«Жизнь среди мертвой тишины, которая обволакивает тебя, проникает во все пор твоего тела, в твой ум, в твою душу. Все перепутывается, все смешивается. День длинный, серый похож на сон без сновидений. Так живешь, что сон кажется жизнью, а жизнь – сном. Чудятся люди, замурованные в каменные мешки. Звучит тихий-тихий, подавленный стон, и, кажется, что это человек задыхается под грудой камней. В душе лишь одно здоровое место, и оно твердит: мужайся, Вера, и крепись; вспомни весь народ русский, как он живет, вспомни подавляющий труд, жизнь без света радости; вспомни унижение, голод, болезнь и нищету! Будь тверда! Не плач о неудачах борьбы, о погибших товарищах. Не бойся! За этими глухими камнями невидимо присутствуют твои друзья.

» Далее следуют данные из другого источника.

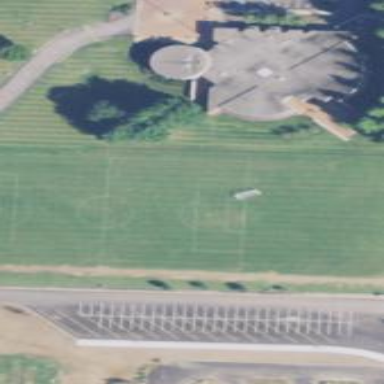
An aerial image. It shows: Soccer pitch for outdoor sports and leisure activities.
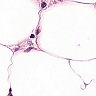
Metastatic tissue present: yes
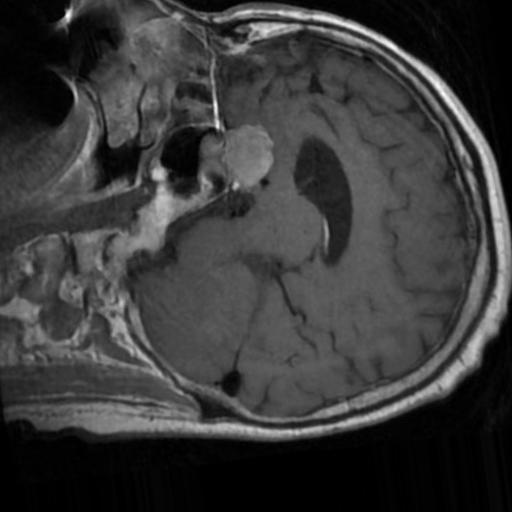
Label: brain_tumor

Ты не одна.
День походил на день, неделя – на неделю, меся – на месяц. Из всех людей остались лишь жандармы, для нас глухие, как статуи, с лицами неподвижными, как маски. Камера скоро превратилась в мрачный ящик: асфальтовый пол выкрасили черной масляной краской; стены вверху в серый, внизу – в почти черный цвет свинца. Каждый, войдя в такую перекрашенную камер, мысленно произносил: «Это гроб!» и вся внутренность тюрьмы походила на склеп. Сорок наглухо замкнутых дверей, за которыми томились узники, походили на ряд гробов, поставленных стоймя. Ни одна весть не должна была ни приходить к нам, не исходить от нас. Ни о ком и ни о чем не должны были мы знать, и никто не должен был знать, где мы, что мы. «Вы узнаете о своей дочери, когда она будет в гробу» – сказал шеф жандармов Оржевский моей матери. В Шлиссельбург привозили не для того, чтобы жить. У нас не было никого и ничего, кроме друг друга. Не только люди, но и природа, краски, звуки – все исчезло. Вместо этого был сумрачный склеп с рядом таинственных замурованных ячеек, в которых томились невидимые узники, зловещая тишина и атмосфера насилия, безумия и смерти.

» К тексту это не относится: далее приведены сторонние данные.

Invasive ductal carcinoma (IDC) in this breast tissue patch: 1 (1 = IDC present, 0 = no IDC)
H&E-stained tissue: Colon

В карцере оставалось ночью лежать на некрашеном асфальтовом полу в пыли. Я была в холщовой рубашке, в такой же юбке и арестантском халате в нетопленной, никогда не мытой и не чищенной небольшой камере и дрожала от холода. Невозможно было положить голову на холодный пол, не говоря уже о его грязи. Чтобы спасти голову, надо было пожертвовать ногами: я сняла грубые башмаки, и они служили изголовьем. Пищей был черный хлеб, старый, черствый. Когда я разламывала его, все поры оказывались покрытыми голубой плесенью. Есть можно было только корочку.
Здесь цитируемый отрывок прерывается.